- Coach: Guy Novès
- Opponent:
- P: W / D / L
- South Africa:
- 3: 0 / 0 / 3

Tour chronology
- ← Argentina 2016New Zealand 2018 →

= 2017 France rugby union tour of South Africa =

In June 2017, France played a three-test series against South Africa as part of the 2017 mid-year rugby union tests.

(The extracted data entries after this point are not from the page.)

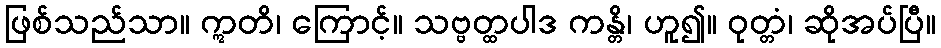
ဖြစ်သည်သာ။ ဣတိ၊ ကြောင့်။ သဗ္ဗတ္ထပါဒ ကန္တိ၊ ဟူ၍။ ဝုတ္တံ၊ ဆိုအပ်ပြီ။
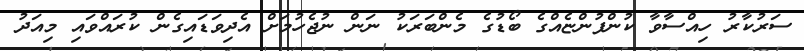
ސަރުކާރު ހިއްސާވާ ކުންފުންޏެއްގެ ބޯޑުގެ މެންބަރަކު ނަން ނުޖެހުމަށް އެދިވަޑައިގެން ކުރައްވައި މިއަދު
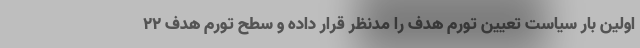
اولین بار سیاست تعیین تورم هدف را مدنظر قرار داده و سطح تورم هدف ۲۲
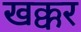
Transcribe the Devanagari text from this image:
खक्कर
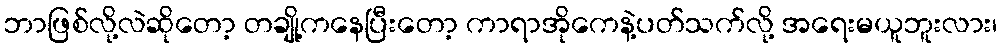
ဘာဖြစ်လို့လဲဆိုတော့ တချို့ကနေပြီးတော့ ကာရာအိုကေနဲ့ပတ်သက်လို့ အရေးမယူဘူးလား၊
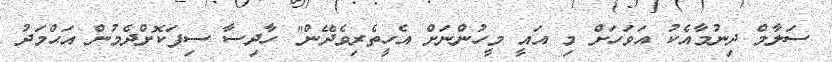
ސަލާމް ދިނުމާއެކު އަވަހަށް މި އައީ މީހުންނަށް އެހީތެރިވެދޭން" ހާދިސާ ސިފަކޮށްދެމުން އަޙްމަދު
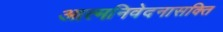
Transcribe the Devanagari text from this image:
आत्मनिवेदनासक्ति
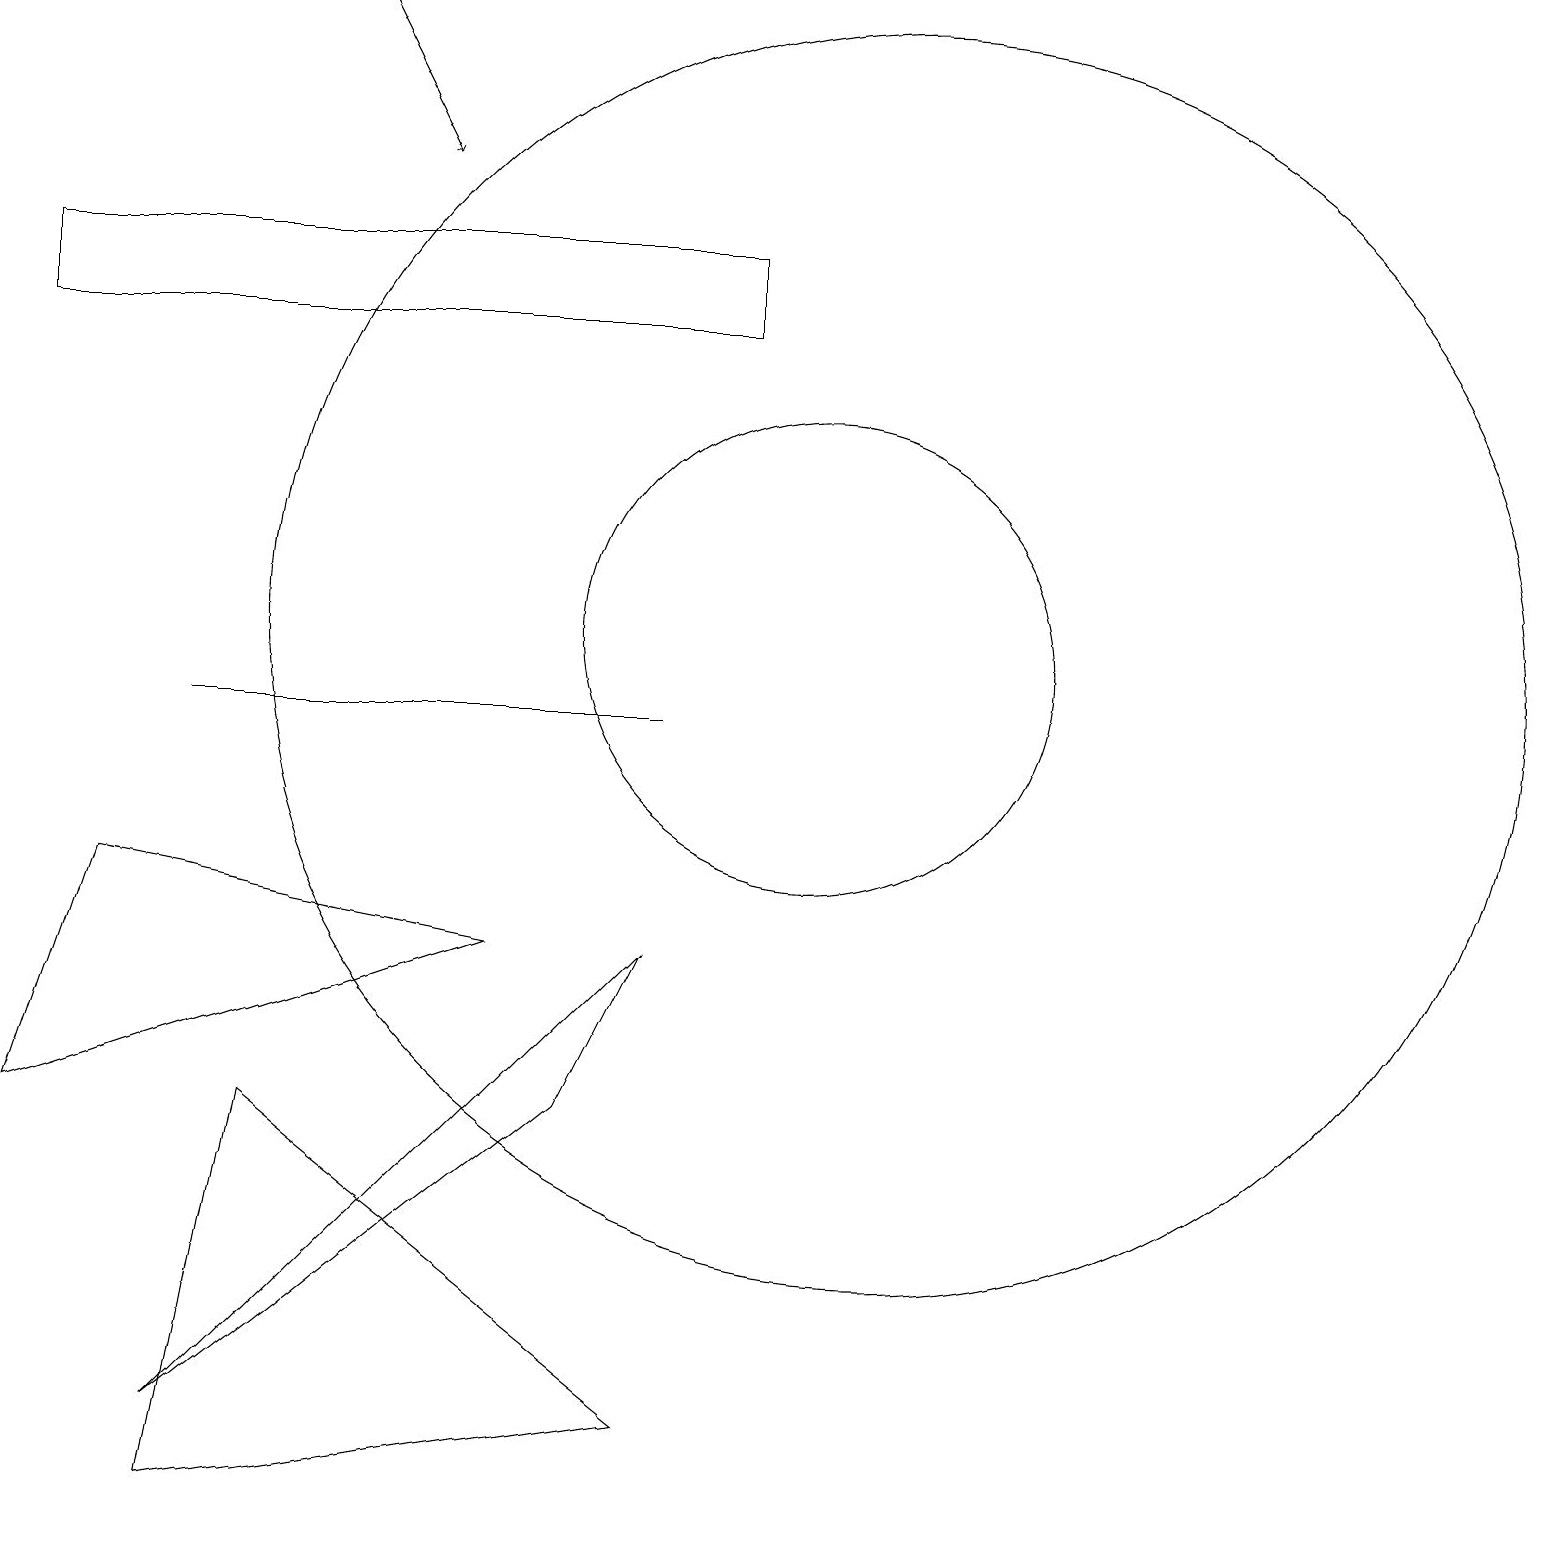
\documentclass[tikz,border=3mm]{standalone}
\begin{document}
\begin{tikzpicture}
\draw (6,7) -- (1,8) -- (0,5) -- cycle;
\draw (3,5) -- (2,0) -- (8,1) -- cycle;
\draw (8,10) rectangle (2,10);
\draw (10,11) circle (3);
\draw (2,1) -- (8,7) -- (7,5) -- cycle;
\draw (11,11) circle (8);
\draw (0,16) rectangle (9,15);
\draw[->] (4,19) -- (5,17);
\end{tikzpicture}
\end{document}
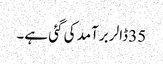
35 ڈالر برآمد کی گئی ہے۔
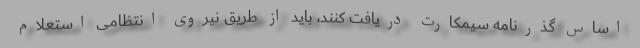
اساس گذرنامه سیمکارت دریافت کنند، باید از طریق نیروی انتظامی استعلام
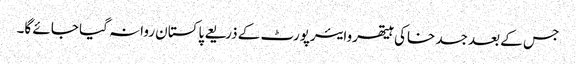
جس کے بعد جسد خاکی ہیتھروایئرپورٹ کے ذریعے پاکستان روانہ گیا جائے گا۔
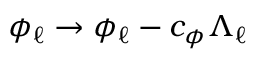
\phi _ { \ell } \to \phi _ { \ell } - c _ { \phi } \Lambda _ { \ell }
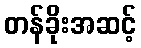
တန်ခိုးအဆင့်
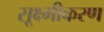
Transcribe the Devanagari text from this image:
सूक्ष्मीकरण
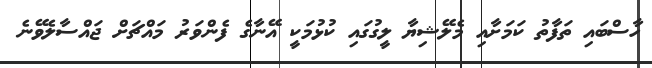
ހާސްބައި ތަފާތު ކަމަށާއި މެލޭޝިޔާ ލީގުގައި ކުޅުމަކީ އޭނާގެ ފެންވަރު މައްޗަށް ޖައްސާލެވޭނެ
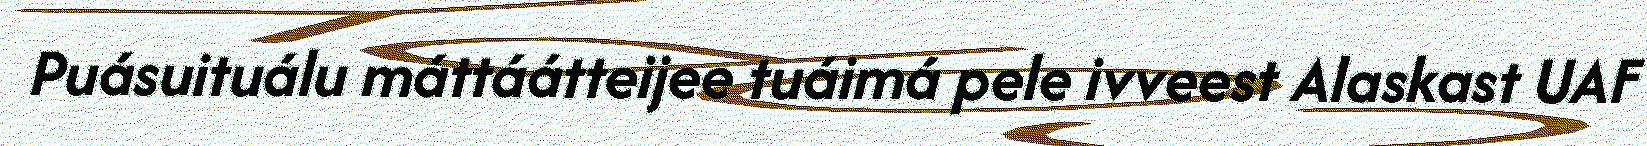
Puásuituálu máttáátteijee tuáimá pele ivveest Alaskast UAF
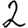
Digit: 2
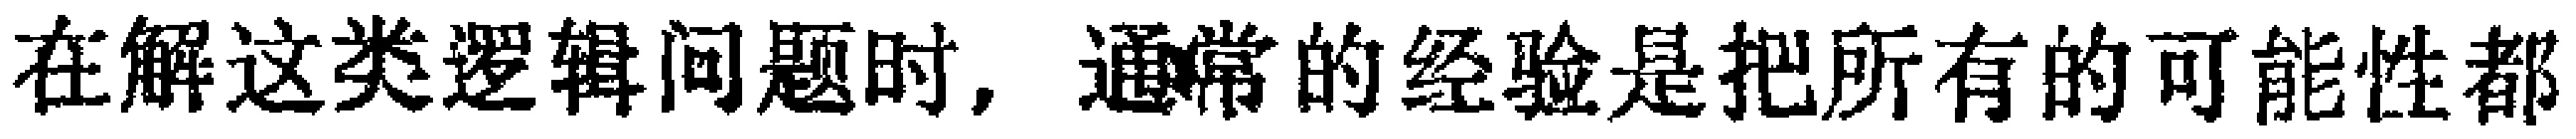
在解这类逻辑问题时，通常的经验是把所有的可能性都

They played the Springboks over the three-week June International window (5 June–25 June), and the matches were part of the fifth year of the global rugby calendar established by the World Rugby, which runs through to 2019. This was France' first visit to South Africa since 2010 and the first test series between the teams since 2005. The last time the sides met was during the 2013 end-of-year international, where South Africa won 19–10 in Paris.

==Fixtures==

| Date | Venue | Home | Score | Away |
|---|---|---|---|---|
| 10 June 2017 | Loftus Versfeld Stadium, Pretoria | South Africa | 37–14 | France |
| 17 June 2017 | Kings Park Stadium, Durban | South Africa | 37–15 | France |
| 24 June 2017 | Ellis Park Stadium, Johannesburg | South Africa | 35–12 | France |

==Squads==
Note: Ages, caps and clubs are as per 10 June 2017, the first test match of the tour.

===France===
On 27 May, France named a 35-man squad ahead of their three-test series against South Africa.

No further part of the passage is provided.